Notice that there is no magic ingredient here and, importantly, no hand-wavy statements like “AI will recursively improve itself leading to intelligence explosion.” All you need to believe is that LLM agents can automate boring work. This would already be enough for transformative AI improvements and economic growth.

Where this leaves us

Whether or not you believe that LLMs will become AGI, there is no doubt that they will massively accelerate research towards AGI.

Going back to the two constraints for AI progress: research iteration, and energy. LLMs will take care of the speed constraint.

The world’s two superpowers are in a full-throttle arms race to build datacenters and power plants. That’s the energy constraint.

As long as speed and energy are progressing, we are getting closer to AGI. In other words, LLMs might lead to AGI.

Thanks to Masha Stroganova and John Carpenter for reading drafts.


Notes:

  1. This essay is strictly my personal opinion.
  2. Essays you should read about AI predictions:
    • What 2026 looks like, written in 2021 by Daniel Kokotajlo.
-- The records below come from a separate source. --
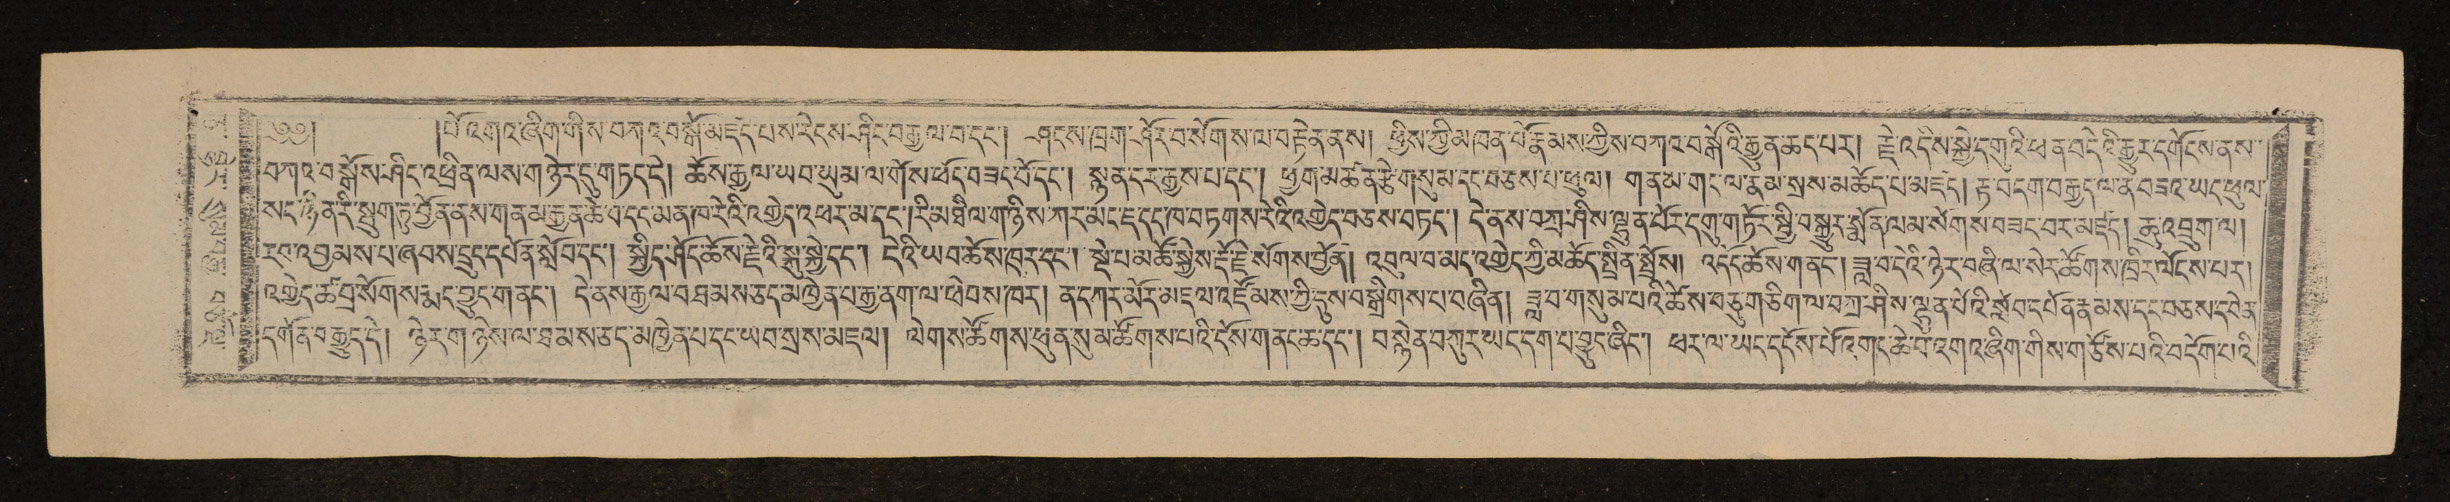༄༅། །པོ་འགའ་ཞིག་གིས་བཀའ་བསྒོ་མཛད་པས་རེངས་ཤིང་བརྒྱལ་བ་དང་། ཤངས་ཁྲག་ཤེར་བ་སོགས་ལ་བརྟེན་ནས། ཕྱིས་ཀྱི་མཁན་པོ་རྣམས་ཀྱིས་བཀའ་བསྒོའི་རྒྱུན་ཆད་པར། རྗེ་འདིས་སྐྱེ་དགུའི་ཕན་བདེའི་རྒྱུར་དགོངས་ནས་
བཀའ་བསྒོས་ཤིང་འཕྲིན་ལས་གཉེར་དུ་གཏང་དེ། ཆོས་རྒྱལ་ཡབ་ཡུམ་ལ་གོས་ཕོད་བཟང་པོ་དང་། སྙན་དར་རྒྱས་པ་དང་། ཕྱག་མཚན་རྩེ་གསུམ་དང་བཅས་པ་ཕུལ། གནམ་གང་ལ་རྣམ་སྲས་མཆོད་པ་མཛད། རྟ་བདག་བརྒྱད་ལ་ན་བཟའ་ཡང་ཕུལ་
སང་ཉིན་རི་སྦུག་ཏུ་བྱོན་ནས་གནམ་རྒྱན་ཆེ་བ་དང་མན་ཁ་རེའི་འགྱེད་འཕར་མ་དང་། རི་མཐིལ་གཉིས་ཀར་མང་ཇ་དང་ཁ་བཏགས་རེའི་འགྱེད་བཅས་བཏང་། དེ་ནས་བཀྲ་ཤིས་ལྷུན་པོར་དགུ་གཏོར་སྤྱི་བསྒྱུར་སྨོན་ལམ་སོགས་བཟང་བར་མཛད། ཆུ་འབྲུག་ལ།
རབ་འབྱམས་པ་ཞབས་དྲུང་དཔོན་སློབ་དང་། སྐྱིད་ཤོད་ཆོས་རྗེའི་སྐུ་སྐྱེ་དང་། དེའི་ཡབ་ཆོས་ཁུར་དང་། སྡེ་པ་མཚོ་སྐྱེས་རྡོ་རྗེ་སོགས་བྱོན། འབུལ་བ་མང་འགྱེད་ཀྱི་མཆོད་སྤྲིན་སྤྲོས། འདོད་ཆོས་གནང་། ཟླ་བ་དེའི་ཉེར་བཞི་ལ་སེར་ཚོགས་ཁྲིར་ལོངས་པར།
འགྱེད་ཚ་བྲ་སོགས་རྨད་བྱུང་གནང་། དེ་ནས་རྒྱལ་བ་ཐམས་ཅད་མཁྱེན་པ་རྒྱ་ནག་ལ་ཕེབས་ཁར། ན་དཀར་མོར་མཇལ་འཛོམས་ཀྱི་དུས་བསྒྲིགས་པ་བཞིན། ཟླ་བ་གསུམ་པའི་ཚེས་བཅུ་གཅིག་ལ་བཀྲ་ཤིས་ལྷུན་པོའི་སློབ་དཔོན་རྣམས་དང་བཅས་དབེན་
དགོན་བརྒྱུད་དེ། ཉེར་གཉིས་ལ་ཐམས་ཅད་མཁྱེན་པ་དང་ཡབ་སྲས་མཇལ། ལེགས་ཚོགས་ཕུན་སུམ་ཚོགས་པའི་ངོས་གནང་ཆ་དང་། བསྙེན་བཀུར་ཡང་དག་པ་བྱུང་ཞིང་། ཕར་ལ་ཡང་དངོས་པོ་འགང་ཆེ་བ་འགའ་ཞིག་གིས་གཙོས་པའི་བདོག་པའི་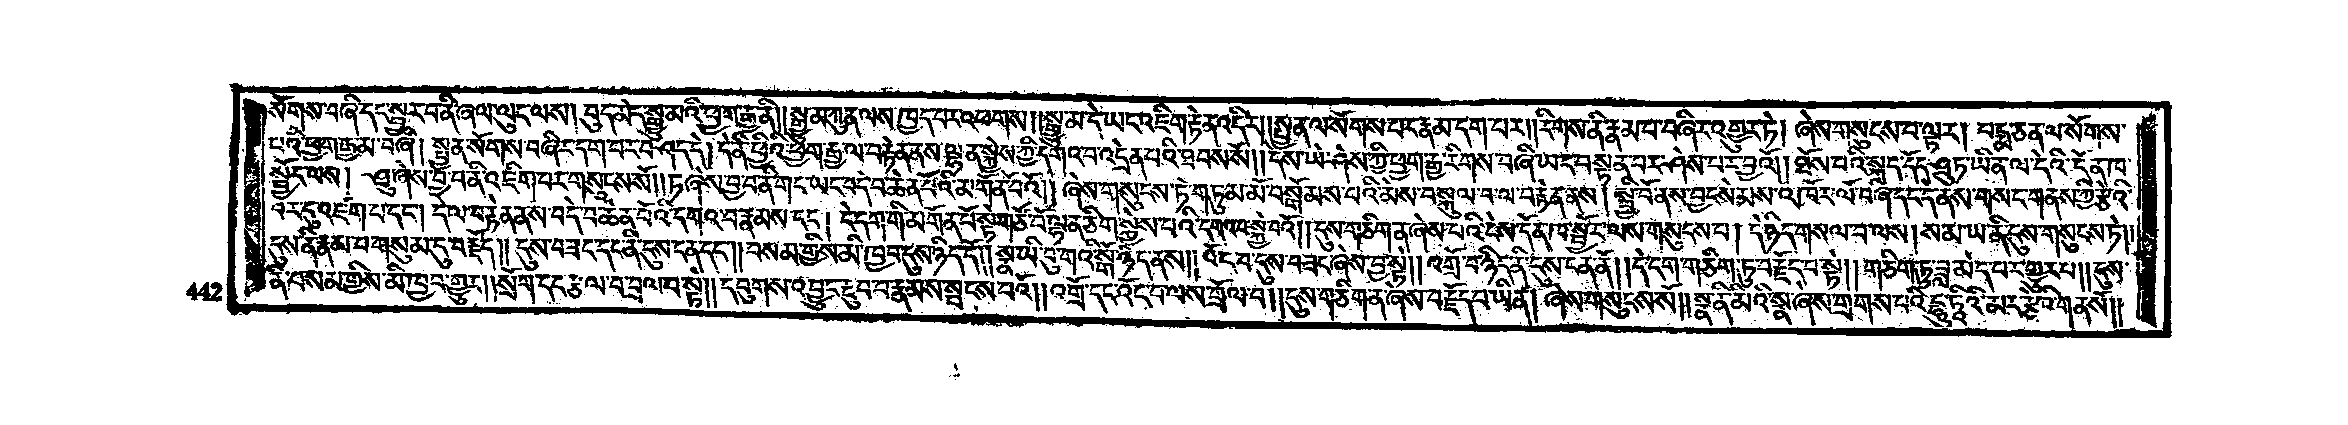སོགས་བཞི་དང་སྦྱར་བ་ནི་ཞལ་ལུང་ལས། བུད་མེད་སྒྱུ་མའི་ཕྱག་རྒྱ་ནི། །སྒྱུ་མ་ཀུན་ལས་ཁྱད་པར་འཕགས། །སྒྱུ་མ་དེ་ཡང་འཇིག་རྟེན་འདིར། །སྤྱན་ལ་སོགས་པར་རྣམ་དག་པར། །རིགས་ནི་རྣམ་པ་བཞིར་འགྱུར་ཏེ། ཞེས་གསུངས་པ་ལྟར། པདམ་ཅན་ལ་སོགས་
པའི་ཕྱག་རྒྱ་མ་བཞི། སྤྱན་སོགས་བཞིར་དག་པར་བཤད་དེ། དེ་ནི་ཕྱིའི་ཕྱག་རྒྱ་ལ་བརྟེན་ནས་ལྷན་སྐྱེས་ཀྱི་དགའ་བ་འདྲེན་པའི་ཐབས་སོ། །དེས་ཡེ་ཤེས་ཀྱི་ཕྱག་རྒྱ་རིགས་བཞི་ཡང་བསྟན་པར་ཤེས་པར་བྱའོ། །ཐོས་པའི་སྐད་དོད་ཤྲུ་ཏ་ཡིན་ལ་དེའི་དོན་ཁ་
སྦྱོར་ལས། ཤྲུ་ཞེས་བྱ་བ་ནི་འཛག་པར་གསུངས་སོ། །ཏ་ཞེས་བྱ་བ་ནི་གང་ཡང་བདེ་བ་ཆེན་པོའི་མགོན་པོའོ། །ཞེས་གསུངས་ཏེ་གཏུམ་མོ་བསྒོམས་པའི་མེས་བསྐུལ་བ་ལ་བརྟེན་ནས། སྤྱི་བོ་ནས་བྱང་སེམས་འཁོར་ལོ་བཞི་དང་དེ་ནས་གསང་གནས་ཀྱི་རྩེའི་
བར་དུ་འཛག་པ་དང་། དེ་ལ་བརྟེན་ནས་བདེ་བ་ཆེན་པོའི་དགའ་བ་རྣམས་དང་། དེ་དག་གི་མགོན་པོ་སྟེ་གཙོ་བོ་ལྷན་ཅིག་སྐྱེས་པའི་དགའ་བ་སྐྱེ་བའོ། །དུས་གཅིག་ན་ཞེས་པའི་ངེས་དོན་ཁ་སྦྱོར་ལས་གསུངས་པ། དེ་ཉིད་གསལ་བ་ལས། ས་མ་ཡ་ནི་དུས་གསུངས་ཏེ།།
དུས་ནི་རྣམ་པ་གསུམ་དུ་བརྗོད། །དུས་བཟང་དང་ནི་དུས་ངན་དང་། །བསམ་གྱིས་མི་ཁྱབ་དུས་ཉིད་དོ། །སྣ་ཡི་བུ་གའི་སྒོ་ཉིད་ནས། །འོང་བ་དུས་བཟང་ཞེས་བྱ་སྟེ། །འགྲོ་བ་ཉིད་ནི་དུས་ངན་ནོ། །དེ་དག་གཅིག་ཏུ་བརྗོད་བ་སྟེ། །གཅིག་ཏུ་ཟླ་མེད་པར་གྱུར་བ། །དུས་
ནི་བསམ་གྱིས་མི་ཁྱབ་གྱུར། །སྲོག་དང་རྩལ་བ་བྲལ་བ་སྟེ། །དབུགས་འབྱུང་རྔུབ་པ་རྣམས་སྤངས་པའོ། །འགྲོ་དང་འོང་བ་ལས་གྲོལ་བ། །དུས་གཅིག་ན་ཞེས་བརྗོད་པ་ཡིན། ཞེས་གསུངས་སོ། །སྣ་ནི་མིའི་སྣ་ཞེས་གྲགས་པའི་དྷཱུ་ཏཱིའི་མང་རྩེའི་གནས་སོ། །

It got many things right astonishingly right, but it was thankfully too pessimistic about social predictions.
    • The Scaling Hypothesis, written between 2020 and 2022 by Gwern. This was one of the core works that reinforced the idea that scaling results in new capabilities, emergent properties not found in smaller scale.
    • Situational Awareness, written mid-2024 by Leopold Aschenbrenner.
    • AI 2027, released a few weeks ago by Daniel Kokotajlo, Scott Alexander, and a few others. I read this midway through writing my post. Seeing a similar narrative made me a bit more confident in mine. I think (hope?) that their social predictions are too pessimistic, similar to Daniel’s past essay.
  1. You can probably point out toy cases where models could kind of build end-to-end code, or some GitHub repo that attempted “agentic” behavior. In practice, the models needed a lot of handholding, they would fail a lot, and they could only tackle much simpler problems. 

  2. GPT-4o was released on May 13 2024, and o1 started previewing on September 12 2024.